12. Northwestern (5-5)

Chris Collins' First Season in Evanston Has Been Challenging So Far

Chris Collins’ First Season in Evanston Has Been Challenging So Far

  • Best Win: Western Michigan  (51-35)
  • Worst Loss: Illinois State (68-64)
  • Breakdown: Northwestern has played four power conference teams but did not win any of those games. The Wildcats played Missouri reasonably close, but they lost by 21 to an NC State team that is predicted to finish in the middle to the bottom of the ACC. They have a chance to finish the season with more than 20 losses given the formidable conference slate Chris Collins’ team has ahead of it. They got back on track slightly with a win against a top-150 Western Michigan team on Saturday, but don’t expect the wins to pile up here.
  • Status Right Now: No postseason.
  • Projected Status: No postseason. Not trying to pick on the Wildcats, but they’ve done nothing to show that they are better than all the other bottom-level teams in the conference right now, and might only win three or four games in league play.

11. Nebraska (6-3)

  • Best Win: Miami (60-49)
  • Worst Loss: @ Creighton (82-67)
  • Breakdown: When listing Creighton as their worst loss here, this is more because of the fact that the Cornhuskers blew a golden opportunity to get a signature win, and because they looked so bad in doing it. That said,  Tim Miles’ squad has probably slightly exceeded expectations.

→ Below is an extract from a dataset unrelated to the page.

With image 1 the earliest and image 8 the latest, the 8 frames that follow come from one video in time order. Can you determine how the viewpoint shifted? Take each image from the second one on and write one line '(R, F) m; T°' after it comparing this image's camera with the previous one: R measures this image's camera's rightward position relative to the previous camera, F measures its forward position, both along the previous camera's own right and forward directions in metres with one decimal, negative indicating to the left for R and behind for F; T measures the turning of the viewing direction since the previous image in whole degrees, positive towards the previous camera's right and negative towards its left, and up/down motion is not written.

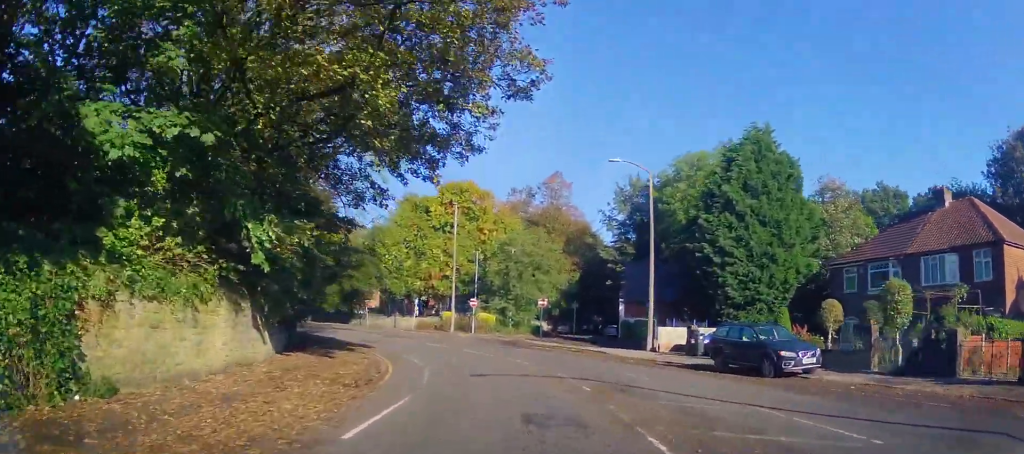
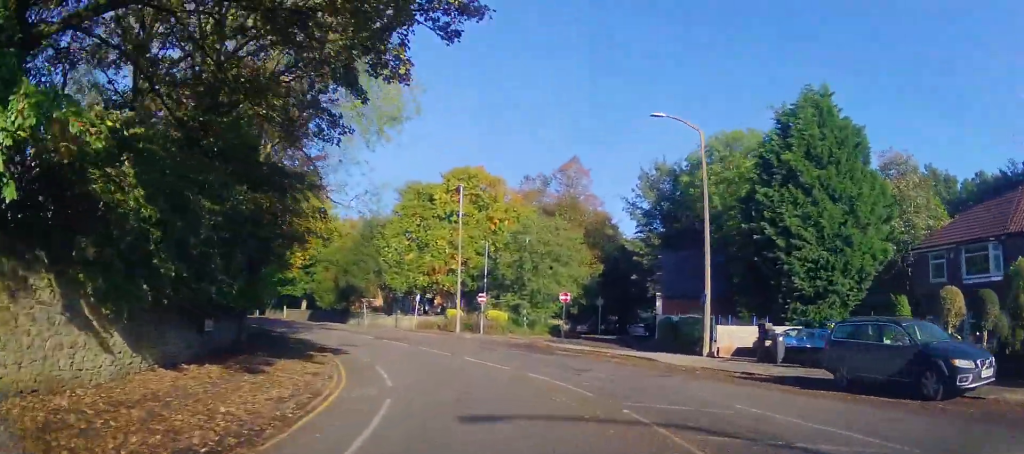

They’ve started 6-3, but have no wins versus anyone that would be in the field of 68. Their first two losses to UMass and UAB weren’t horrible ones, and neither is the Creighton loss, but the Huskers need a win at Cincinnati on December 28 or they would need to do some significant conference damage.
  • Status Right Now: No postseason.
  • Projected Status: No postseason. This team could pull off some upsets and get to five or six B1G wins, and if so, they could find themselves headed to the NIT.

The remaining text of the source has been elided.